- _ASSIGNMENT_
What is needed is every line, exactly as given, from the line containing "m140 -20 c-3" through the end of the data below.

- _Extracted data entries_
□ □ □ □

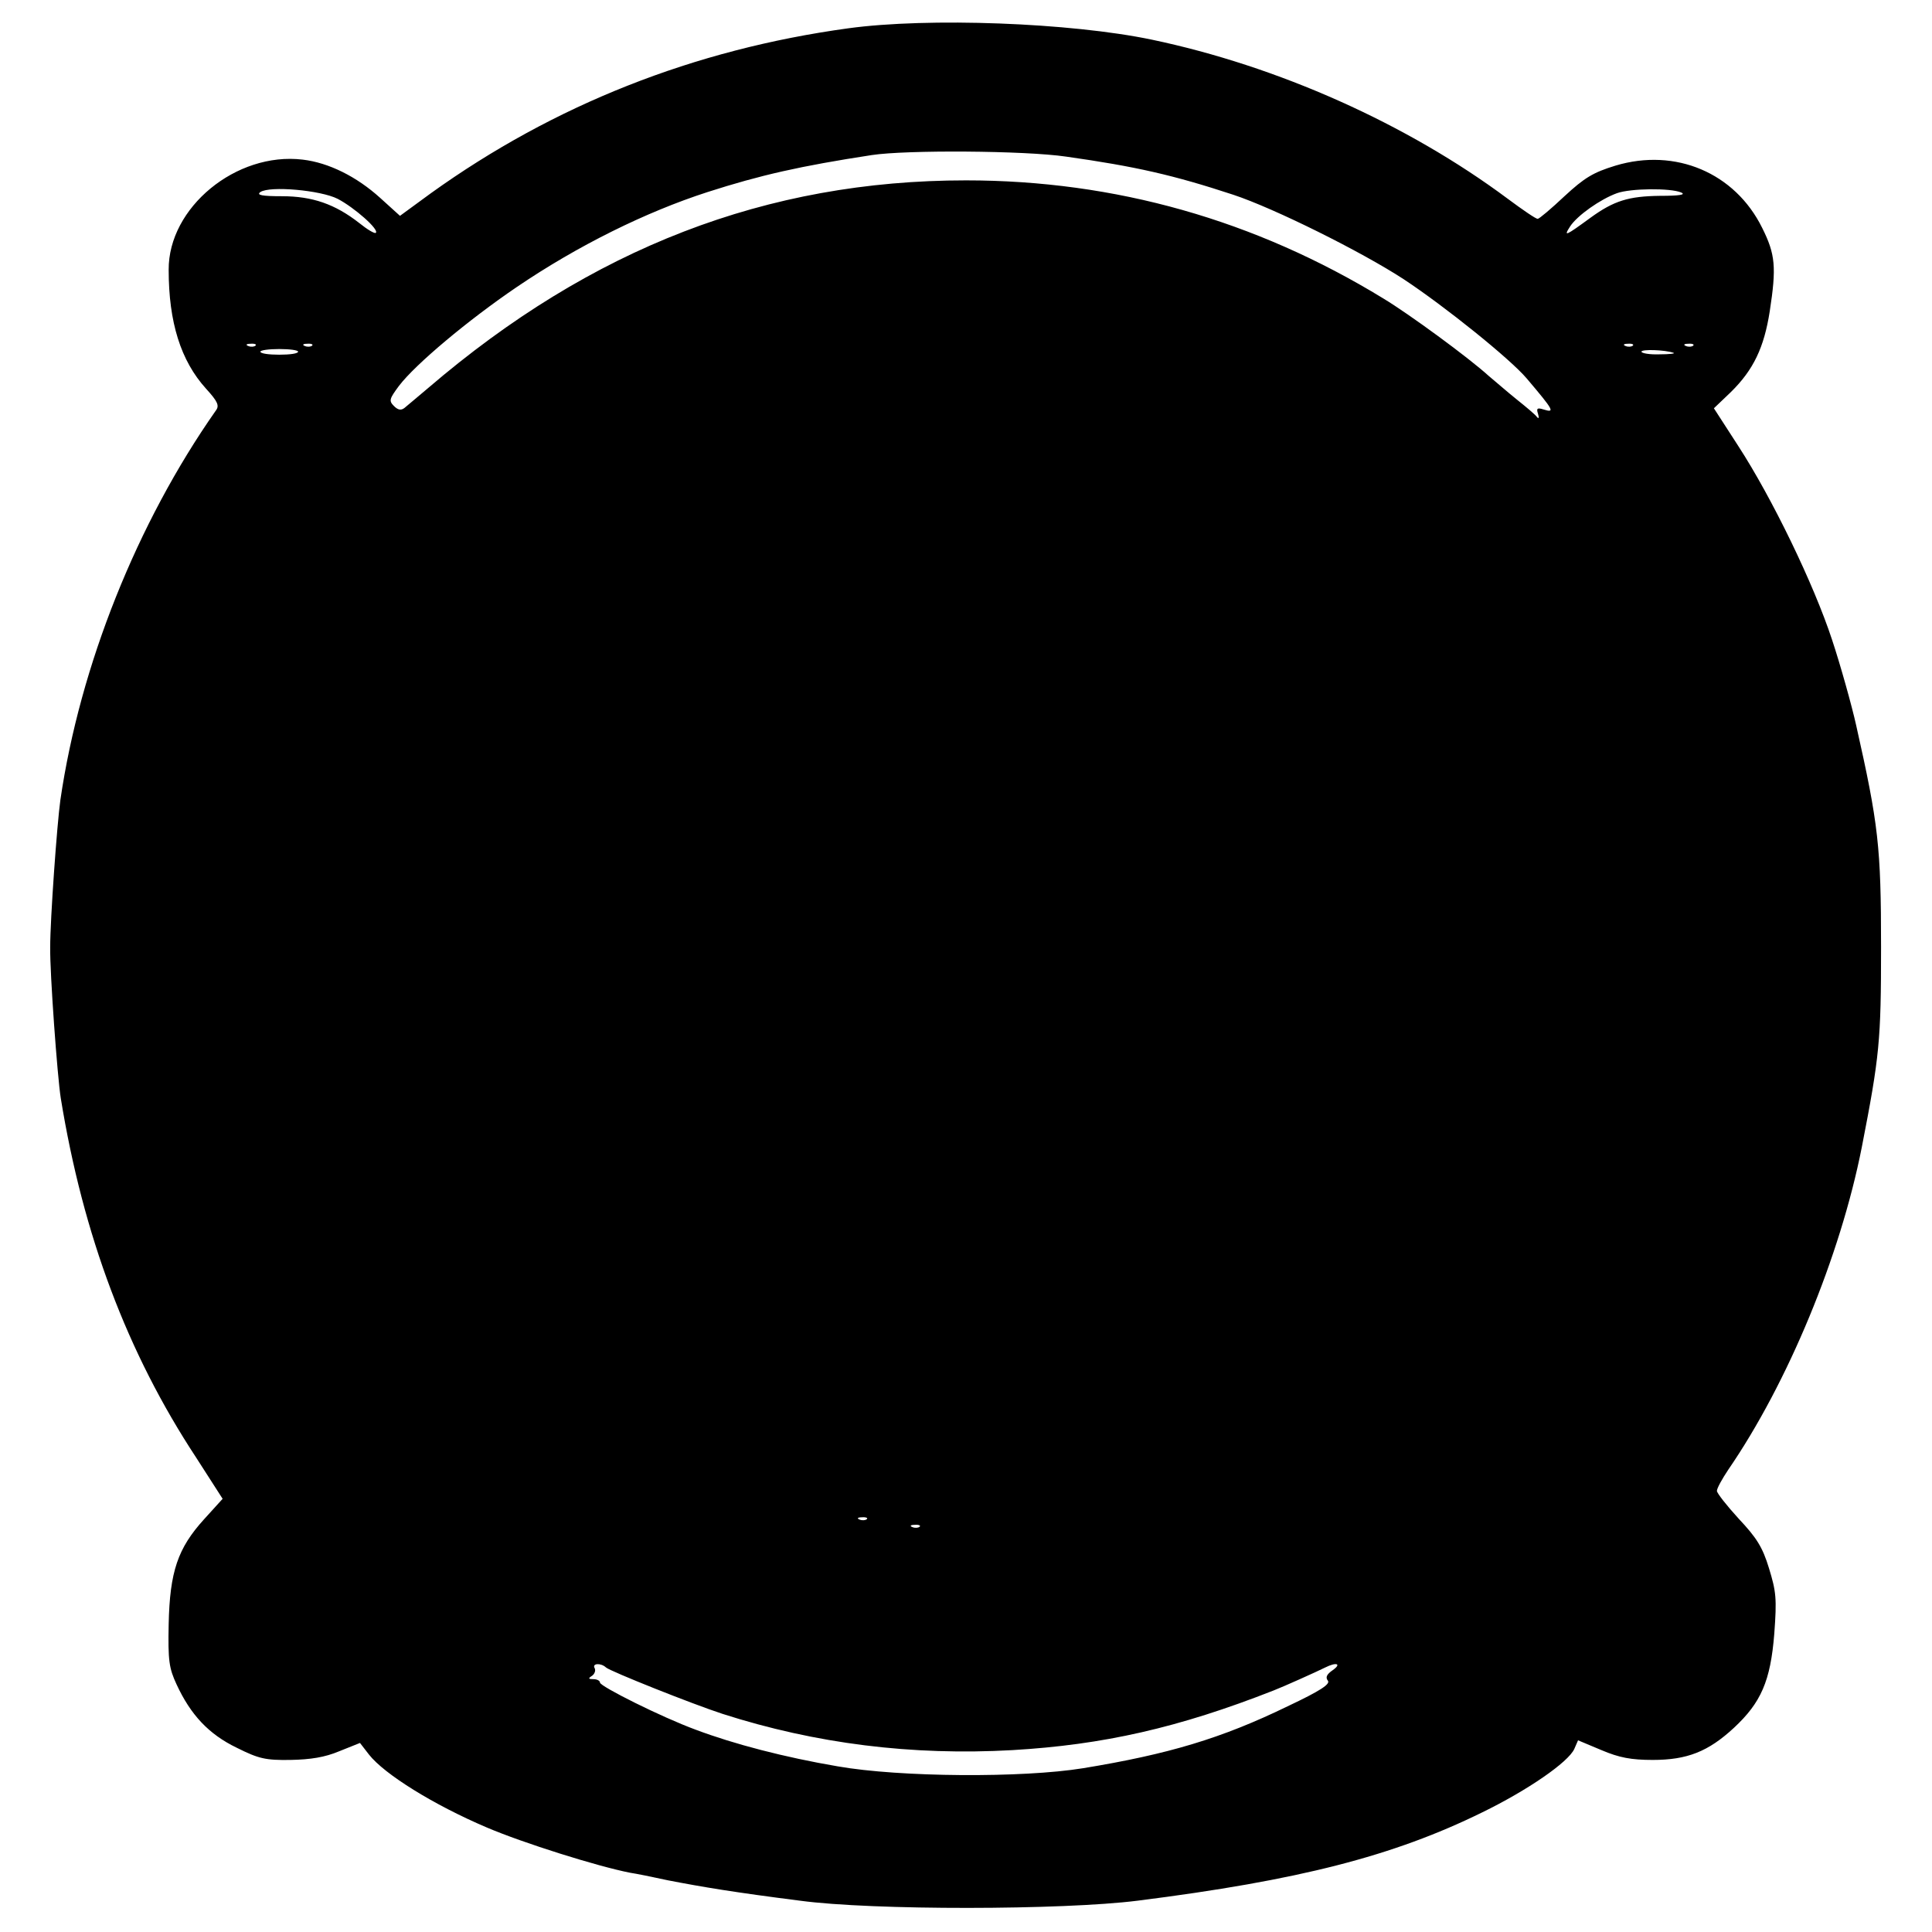 <?xml version="1.0" standalone="no"?>
<!DOCTYPE svg PUBLIC "-//W3C//DTD SVG 20010904//EN"
 "http://www.w3.org/TR/2001/REC-SVG-20010904/DTD/svg10.dtd">
<svg version="1.0" xmlns="http://www.w3.org/2000/svg"
 width="512pt" height="512pt" viewBox="0 0 512 512"
 preserveAspectRatio="xMidYMid meet">
<g transform="translate(0,512) scale(0.1,-0.1)"
fill="#000000" stroke="none">
<path d="M2248 5045 c-409 -56 -780 -203 -1106 -437 l-82 -60 -53 48 c-62 56
-136 93 -205 101 -176 21 -356 -127 -355 -292 0 -139 32 -241 99 -315 31 -34
36 -45 26 -58 -209 -298 -360 -676 -412 -1032 -9 -65 -27 -316 -27 -390 -1
-69 19 -343 28 -400 59 -363 176 -675 359 -953 l70 -109 -49 -54 c-70 -77 -91
-139 -94 -278 -2 -97 1 -117 21 -160 37 -80 85 -132 160 -168 58 -29 76 -33
142 -32 53 1 91 7 129 23 l55 22 24 -31 c41 -52 171 -133 312 -193 96 -41 293
-103 380 -120 14 -2 59 -11 100 -20 93 -18 177 -32 350 -54 192 -26 697 -25
895 0 427 54 677 118 913 234 121 59 228 133 244 168 l10 23 62 -26 c47 -20
79 -26 136 -26 91 0 147 22 215 85 72 67 97 124 107 249 7 94 5 112 -14 174
-17 56 -33 81 -80 131 -32 35 -58 68 -58 74 0 7 14 32 30 56 158 230 297 566
354 855 47 241 51 282 51 530 0 266 -7 326 -66 588 -11 50 -42 161 -64 227
-48 146 -158 374 -249 514 l-64 99 45 43 c60 59 88 118 103 214 18 117 15 151
-20 221 -72 146 -230 213 -389 165 -59 -18 -82 -32 -135 -81 -35 -33 -67 -60
-71 -60 -5 0 -40 24 -79 53 -267 199 -610 352 -944 422 -216 45 -592 59 -804
30z m577 -340 c184 -26 285 -49 443 -101 109 -36 340 -151 452 -224 109 -72
282 -211 326 -263 72 -85 76 -92 44 -82 -16 5 -19 3 -14 -12 3 -10 2 -14 -3
-8 -4 6 -28 26 -53 46 -25 20 -58 49 -75 63 -54 49 -211 164 -279 205 -340
208 -711 313 -1106 313 -528 0 -992 -179 -1425 -550 -27 -23 -56 -47 -63 -53
-9 -7 -17 -6 -28 5 -14 14 -12 19 13 53 44 58 184 175 312 262 162 110 342
199 506 252 140 45 246 69 435 98 91 14 406 12 515 -4z m-1930 -112 c44 -23
110 -81 101 -90 -3 -3 -23 9 -44 26 -64 50 -124 71 -205 71 -53 0 -68 3 -57
11 25 17 160 5 205 -18z m3560 17 c14 -6 -4 -9 -56 -9 -83 -1 -122 -13 -184
-58 -67 -49 -72 -51 -54 -23 19 29 80 72 124 88 36 13 142 14 170 2z m-3778
-406 c-3 -3 -12 -4 -19 -1 -8 3 -5 6 6 6 11 1 17 -2 13 -5z m150 0 c-3 -3 -12
-4 -19 -1 -8 3 -5 6 6 6 11 1 17 -2 13 -5z m3500 0 c-3 -3 -12 -4 -19 -1 -8 3
-5 6 6 6 11 1 17 -2 13 -5z m160 0 c-3 -3 -12 -4 -19 -1 -8 3 -5 6 6 6 11 1
17 -2 13 -5z m-3697 -16 c0 -5 -22 -8 -50 -8 -27 0 -50 3 -50 8 0 4 23 7 50 7
28 0 50 -3 50 -7z m3645 -3 c6 -2 -11 -4 -37 -4 -27 -1 -48 3 -48 7 0 7 62 5
85 -3z m-2138 -3091 c-3 -3 -12 -4 -19 -1 -8 3 -5 6 6 6 11 1 17 -2 13 -5z
m140 -20 c-3 -3 -12 -4 -19 -1 -8 3 -5 6 6 6 11 1 17 -2 13 -5z m-831 -373
c11 -10 229 -97 309 -123 246 -79 502 -111 768 -96 240 14 440 59 692 158 26
10 115 50 137 61 30 15 44 10 20 -7 -16 -11 -20 -19 -13 -28 7 -9 -20 -27
-107 -68 -175 -85 -316 -127 -542 -164 -160 -26 -485 -24 -650 5 -141 24 -275
59 -376 97 -90 33 -254 115 -254 125 0 5 -8 9 -17 9 -14 0 -15 2 -4 9 7 5 10
14 7 20 -8 13 16 15 30 2z"/>
</g>
</svg>

□ □ □ □

- _EXERCISE OUTPUT_
m140 -20 c-3 -3 -12 -4 -19 -1 -8 3 -5 6 6 6 11 1 17 -2 13 -5z m-831 -373
c11 -10 229 -97 309 -123 246 -79 502 -111 768 -96 240 14 440 59 692 158 26
10 115 50 137 61 30 15 44 10 20 -7 -16 -11 -20 -19 -13 -28 7 -9 -20 -27
-107 -68 -175 -85 -316 -127 -542 -164 -160 -26 -485 -24 -650 5 -141 24 -275
59 -376 97 -90 33 -254 115 -254 125 0 5 -8 9 -17 9 -14 0 -15 2 -4 9 7 5 10
14 7 20 -8 13 16 15 30 2z"/>
</g>
</svg>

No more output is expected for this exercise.